Nobody argues that we are now in a cost-cutting era. Businesses are focusing on core activities and trimming the fat from operations to secure as long a financial runway as possible.
For manufacturers, the playbook has been written over many years. Lean processes reduce waste and minimize cost across the operation. If you’re looking to optimize:
- inventory holdings
- transport and distribution costs
- raw materials pricing and usage
- the time and motion involved in production processes
…or to obtain the data which will trim cost out of any number of other elements of manufacturing, ERP should be your starting point.
5. Automation speeds up the delivery of goods to consumers
Post-COVID, increased visibility to make fast and more data-led decisions will be essential. Through automation available in modern ERP, you can use real-time reporting and analytical dashboards to continuously review your financial data, without lengthy time spent auditing and preparing the information.
And referring to robotics, Interact Analysis, the leading market researchers in the intelligent automation sector, reports: “Social-distancing measures are likely to fuel the demand for automation in retail warehouses.
“There is also the added factor that the use of robots and other automated equipment in these environments increases efficiency and speed of supply of goods to consumers.”
This is true across all types of automation, which may be as simple as software widgets to automate repetitive processes, through to artificial intelligence solutions that can digitize whole functions.
The assessment of value is correct, though: automation improves efficiency, productivity, flexibility, error reduction and workforce availability.

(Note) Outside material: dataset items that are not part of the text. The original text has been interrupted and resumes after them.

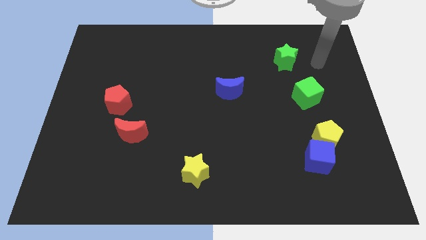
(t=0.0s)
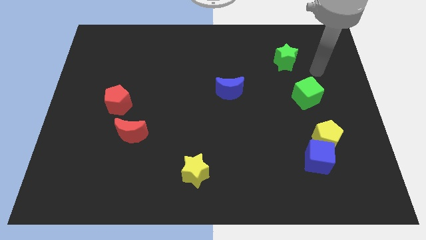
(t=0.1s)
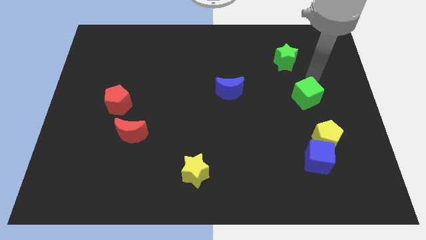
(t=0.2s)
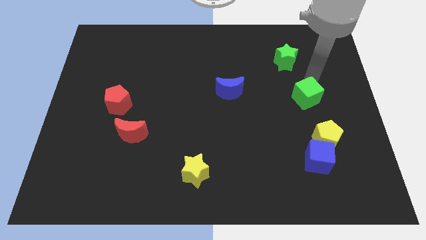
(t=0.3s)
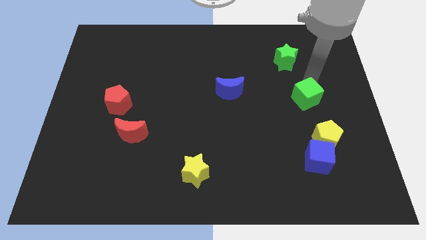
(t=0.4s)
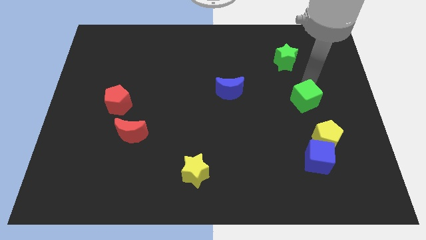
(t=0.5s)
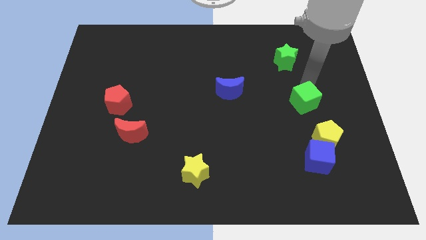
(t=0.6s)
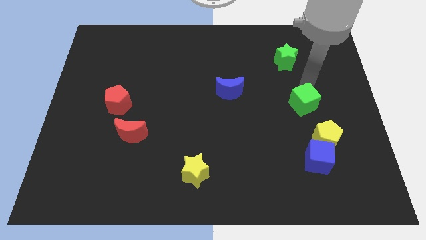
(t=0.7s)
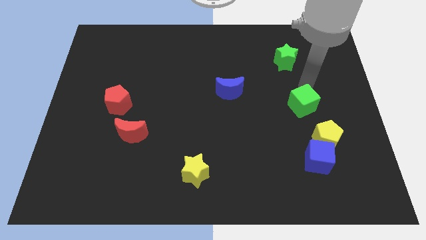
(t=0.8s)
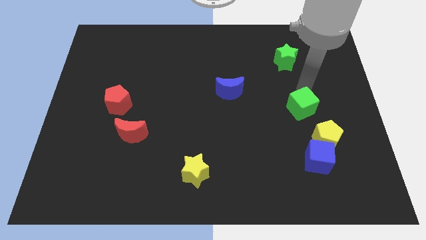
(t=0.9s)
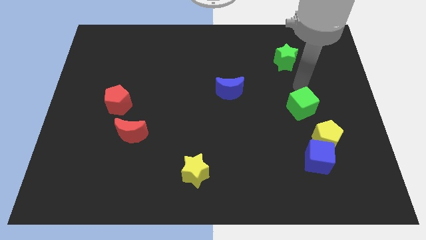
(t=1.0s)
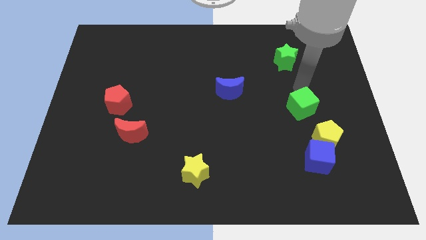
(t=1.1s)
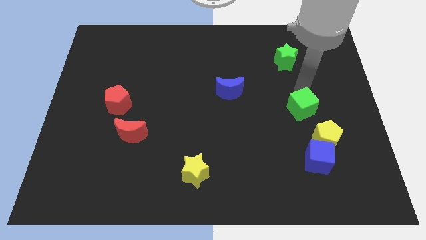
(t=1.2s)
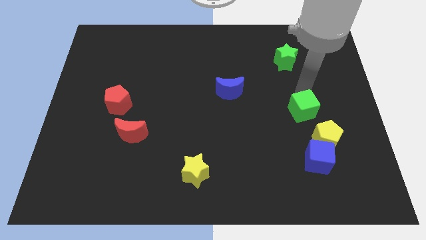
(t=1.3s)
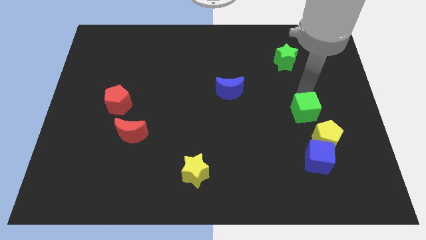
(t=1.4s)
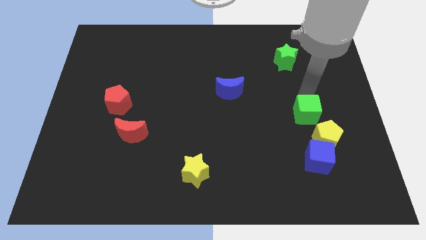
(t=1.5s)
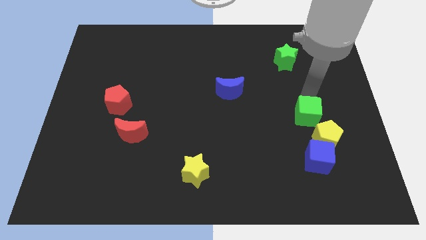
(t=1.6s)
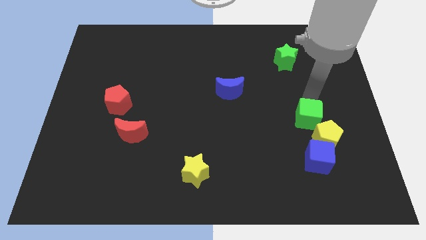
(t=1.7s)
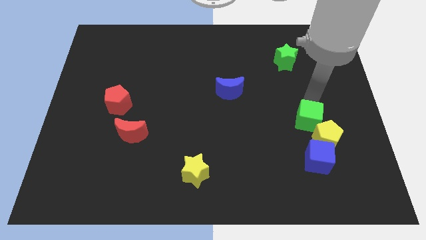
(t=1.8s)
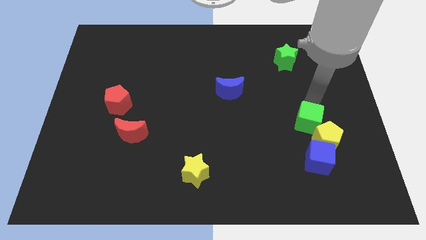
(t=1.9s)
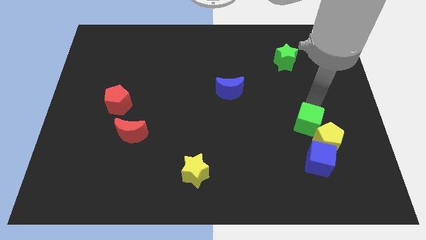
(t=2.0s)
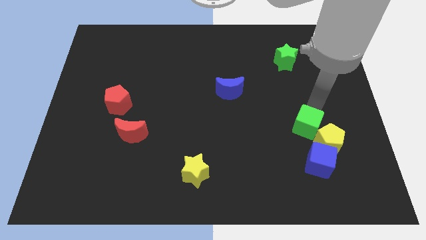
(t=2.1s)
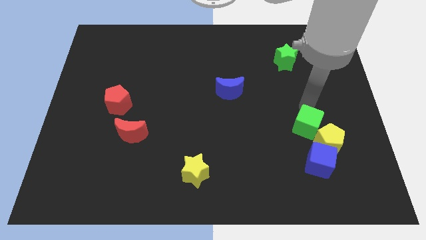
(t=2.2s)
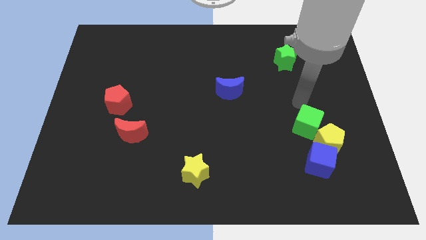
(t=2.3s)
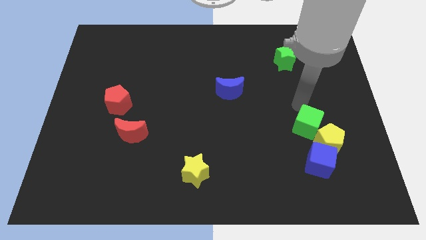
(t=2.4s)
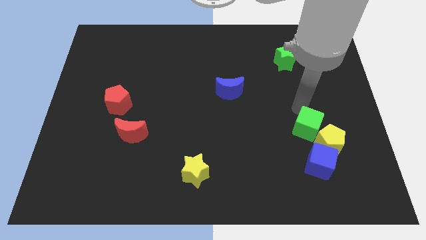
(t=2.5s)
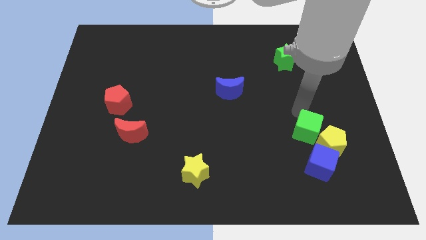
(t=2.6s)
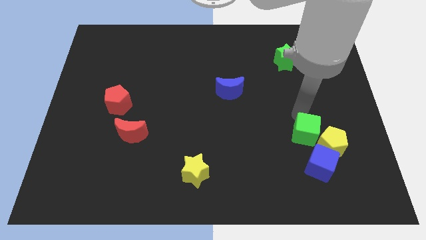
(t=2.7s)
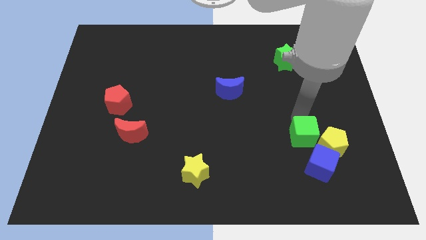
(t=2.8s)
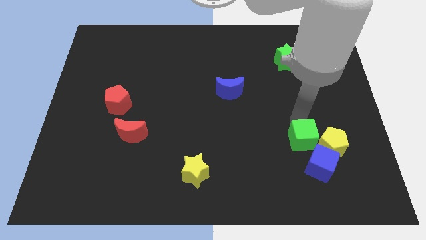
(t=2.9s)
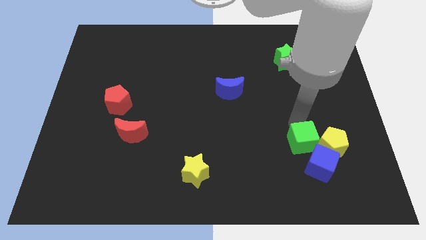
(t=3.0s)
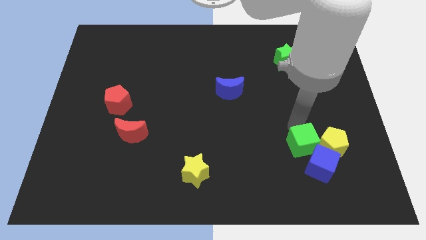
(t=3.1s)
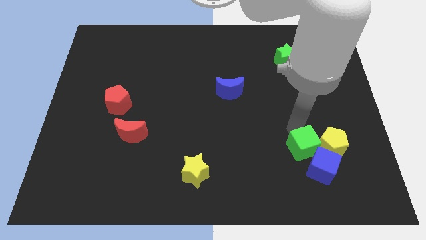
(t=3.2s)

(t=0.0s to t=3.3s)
push the green cube towards the blue cube

As we stand on the brink of significant advances in automation and its affordability, ERP is the backbone of deployment.
6. The integration of ERP and tax becomes more critical
Many businesses have had to rely on government support during lockdowns.
Deloitte reports: “The reality is that, since the start of this crisis, the tax function has become a cash generator for many enterprises; indeed, in some organisations, tax has been the only source of cash while operations remained closed.
“The pandemic also demonstrated the benefits of integrating the tax function into organization-wide ERP.
“To chart a path forward, leaders have needed tax to develop and articulate the tax implications of a range of different scenarios – and many tax functions have floundered to get timely access to the enterprise and tax data necessary to run those sophisticated scenarios.”
As we move towards a more interventionist era, where tax and governmental regimes increasingly impact on business, ERP will become ever more critical for CFOs.
In short, ERP is everywhere…
But don’t trust us – we’ll give the final word to economists, the Institute of Fiscal Studies:
“Enterprise resource planning software has a role to play in helping:
- Identify the slowdown as it begins, and model the impact it has on your business so we can start to take corrective measures
- Maximize revenue where we can, while reducing cost
- Make a business case for process improvements and investments to strengthen the business for the long term
- Communicate expediently with customers and suppliers to ensure demand and supply signals are received
- Identify the signs of impending recovery so you can begin to ramp up and get a product to market faster than your competitor
“Now is the time to leverage the project management capabilities of ERP to manage as intelligently and courageously as possible.”